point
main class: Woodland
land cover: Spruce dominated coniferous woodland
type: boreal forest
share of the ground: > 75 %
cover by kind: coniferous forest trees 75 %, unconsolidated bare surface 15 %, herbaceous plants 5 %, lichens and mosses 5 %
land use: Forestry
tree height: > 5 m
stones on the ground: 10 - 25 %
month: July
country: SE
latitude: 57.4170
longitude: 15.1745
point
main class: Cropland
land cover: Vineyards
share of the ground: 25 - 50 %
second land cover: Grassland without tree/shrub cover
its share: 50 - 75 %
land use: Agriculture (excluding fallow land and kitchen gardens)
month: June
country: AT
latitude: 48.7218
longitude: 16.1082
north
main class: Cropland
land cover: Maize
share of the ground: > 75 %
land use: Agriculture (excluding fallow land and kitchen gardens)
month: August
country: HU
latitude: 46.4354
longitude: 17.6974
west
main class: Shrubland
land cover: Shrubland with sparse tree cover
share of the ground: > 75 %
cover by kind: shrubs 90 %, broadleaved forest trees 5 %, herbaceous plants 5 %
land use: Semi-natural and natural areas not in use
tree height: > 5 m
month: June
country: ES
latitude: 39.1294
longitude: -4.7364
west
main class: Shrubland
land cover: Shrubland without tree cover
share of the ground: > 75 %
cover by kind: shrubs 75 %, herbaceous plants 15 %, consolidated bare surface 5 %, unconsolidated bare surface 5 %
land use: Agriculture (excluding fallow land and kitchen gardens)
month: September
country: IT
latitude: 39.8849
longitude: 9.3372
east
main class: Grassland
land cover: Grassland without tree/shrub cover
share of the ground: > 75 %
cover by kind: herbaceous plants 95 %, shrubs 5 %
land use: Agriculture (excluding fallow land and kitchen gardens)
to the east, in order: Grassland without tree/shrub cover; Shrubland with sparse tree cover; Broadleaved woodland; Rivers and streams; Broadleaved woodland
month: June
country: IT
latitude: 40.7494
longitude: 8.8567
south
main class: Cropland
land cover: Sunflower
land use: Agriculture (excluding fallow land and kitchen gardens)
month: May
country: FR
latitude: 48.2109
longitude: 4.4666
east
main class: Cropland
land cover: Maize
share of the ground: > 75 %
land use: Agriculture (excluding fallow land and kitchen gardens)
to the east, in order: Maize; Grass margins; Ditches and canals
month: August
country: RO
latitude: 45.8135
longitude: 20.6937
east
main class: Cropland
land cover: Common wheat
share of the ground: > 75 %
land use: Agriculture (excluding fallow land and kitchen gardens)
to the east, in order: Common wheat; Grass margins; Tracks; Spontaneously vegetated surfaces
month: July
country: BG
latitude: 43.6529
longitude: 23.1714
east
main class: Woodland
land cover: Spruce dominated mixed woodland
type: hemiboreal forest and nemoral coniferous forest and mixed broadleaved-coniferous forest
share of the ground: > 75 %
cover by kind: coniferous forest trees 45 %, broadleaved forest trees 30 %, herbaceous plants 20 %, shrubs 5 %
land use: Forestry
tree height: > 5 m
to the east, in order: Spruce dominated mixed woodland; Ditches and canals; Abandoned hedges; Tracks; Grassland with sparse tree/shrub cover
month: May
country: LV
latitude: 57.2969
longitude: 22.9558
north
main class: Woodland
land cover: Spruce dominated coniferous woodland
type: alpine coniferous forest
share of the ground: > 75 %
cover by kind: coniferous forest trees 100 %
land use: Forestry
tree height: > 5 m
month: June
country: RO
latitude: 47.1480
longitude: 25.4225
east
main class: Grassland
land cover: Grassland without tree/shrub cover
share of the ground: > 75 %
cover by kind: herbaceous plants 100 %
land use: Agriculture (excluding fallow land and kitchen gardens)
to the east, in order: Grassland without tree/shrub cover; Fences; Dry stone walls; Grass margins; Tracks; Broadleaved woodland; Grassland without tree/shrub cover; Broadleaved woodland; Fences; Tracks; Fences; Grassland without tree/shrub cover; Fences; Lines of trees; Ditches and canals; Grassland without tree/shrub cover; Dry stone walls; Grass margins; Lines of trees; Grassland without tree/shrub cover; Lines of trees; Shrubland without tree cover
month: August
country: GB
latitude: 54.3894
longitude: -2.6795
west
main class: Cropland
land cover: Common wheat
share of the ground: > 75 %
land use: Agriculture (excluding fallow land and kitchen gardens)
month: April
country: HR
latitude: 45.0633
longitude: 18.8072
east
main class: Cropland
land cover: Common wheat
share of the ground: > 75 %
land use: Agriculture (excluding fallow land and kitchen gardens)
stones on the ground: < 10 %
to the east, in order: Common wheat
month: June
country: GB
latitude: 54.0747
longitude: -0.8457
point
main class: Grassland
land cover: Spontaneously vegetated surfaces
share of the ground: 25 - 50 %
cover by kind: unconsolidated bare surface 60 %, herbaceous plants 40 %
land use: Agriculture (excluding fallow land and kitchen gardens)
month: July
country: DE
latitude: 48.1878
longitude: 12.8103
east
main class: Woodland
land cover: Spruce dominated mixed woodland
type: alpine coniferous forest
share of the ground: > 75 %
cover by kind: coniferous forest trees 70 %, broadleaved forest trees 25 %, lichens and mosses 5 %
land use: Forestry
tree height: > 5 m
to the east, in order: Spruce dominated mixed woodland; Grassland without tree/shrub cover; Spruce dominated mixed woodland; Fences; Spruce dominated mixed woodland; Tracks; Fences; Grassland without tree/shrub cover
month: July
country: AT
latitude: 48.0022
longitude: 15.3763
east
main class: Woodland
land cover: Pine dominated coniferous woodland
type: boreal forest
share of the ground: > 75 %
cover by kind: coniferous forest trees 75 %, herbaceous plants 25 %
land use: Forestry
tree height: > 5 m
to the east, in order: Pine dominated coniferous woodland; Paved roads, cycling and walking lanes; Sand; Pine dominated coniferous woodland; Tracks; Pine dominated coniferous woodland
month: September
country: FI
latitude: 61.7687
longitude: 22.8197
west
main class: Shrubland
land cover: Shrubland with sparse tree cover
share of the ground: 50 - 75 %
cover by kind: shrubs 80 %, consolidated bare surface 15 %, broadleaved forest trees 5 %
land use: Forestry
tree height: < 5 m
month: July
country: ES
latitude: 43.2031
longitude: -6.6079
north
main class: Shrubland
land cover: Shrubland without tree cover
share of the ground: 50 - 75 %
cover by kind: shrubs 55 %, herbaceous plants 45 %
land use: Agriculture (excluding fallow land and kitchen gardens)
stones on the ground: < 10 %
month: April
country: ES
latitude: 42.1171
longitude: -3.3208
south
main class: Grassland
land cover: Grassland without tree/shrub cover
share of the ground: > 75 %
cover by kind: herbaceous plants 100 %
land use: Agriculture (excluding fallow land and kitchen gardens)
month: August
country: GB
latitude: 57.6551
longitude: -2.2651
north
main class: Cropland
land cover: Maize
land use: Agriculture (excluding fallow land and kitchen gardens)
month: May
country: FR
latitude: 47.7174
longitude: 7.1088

- - -

**TASK DETAILS:** Go to the line with "cover by kind: coniferous forest trees 75 %, herbaceous" and set down that line and every line after it, through the end of the material above, word for word.

**RESULT FOR THIS TASK:**
cover by kind: coniferous forest trees 75 %, herbaceous plants 25 %
land use: Forestry
tree height: > 5 m
to the east, in order: Pine dominated coniferous woodland; Paved roads, cycling and walking lanes; Sand; Pine dominated coniferous woodland; Tracks; Pine dominated coniferous woodland
month: September
country: FI
latitude: 61.7687
longitude: 22.8197
west
main class: Shrubland
land cover: Shrubland with sparse tree cover
share of the ground: 50 - 75 %
cover by kind: shrubs 80 %, consolidated bare surface 15 %, broadleaved forest trees 5 %
land use: Forestry
tree height: < 5 m
month: July
country: ES
latitude: 43.2031
longitude: -6.6079
north
main class: Shrubland
land cover: Shrubland without tree cover
share of the ground: 50 - 75 %
cover by kind: shrubs 55 %, herbaceous plants 45 %
land use: Agriculture (excluding fallow land and kitchen gardens)
stones on the ground: < 10 %
month: April
country: ES
latitude: 42.1171
longitude: -3.3208
south
main class: Grassland
land cover: Grassland without tree/shrub cover
share of the ground: > 75 %
cover by kind: herbaceous plants 100 %
land use: Agriculture (excluding fallow land and kitchen gardens)
month: August
country: GB
latitude: 57.6551
longitude: -2.2651
north
main class: Cropland
land cover: Maize
land use: Agriculture (excluding fallow land and kitchen gardens)
month: May
country: FR
latitude: 47.7174
longitude: 7.1088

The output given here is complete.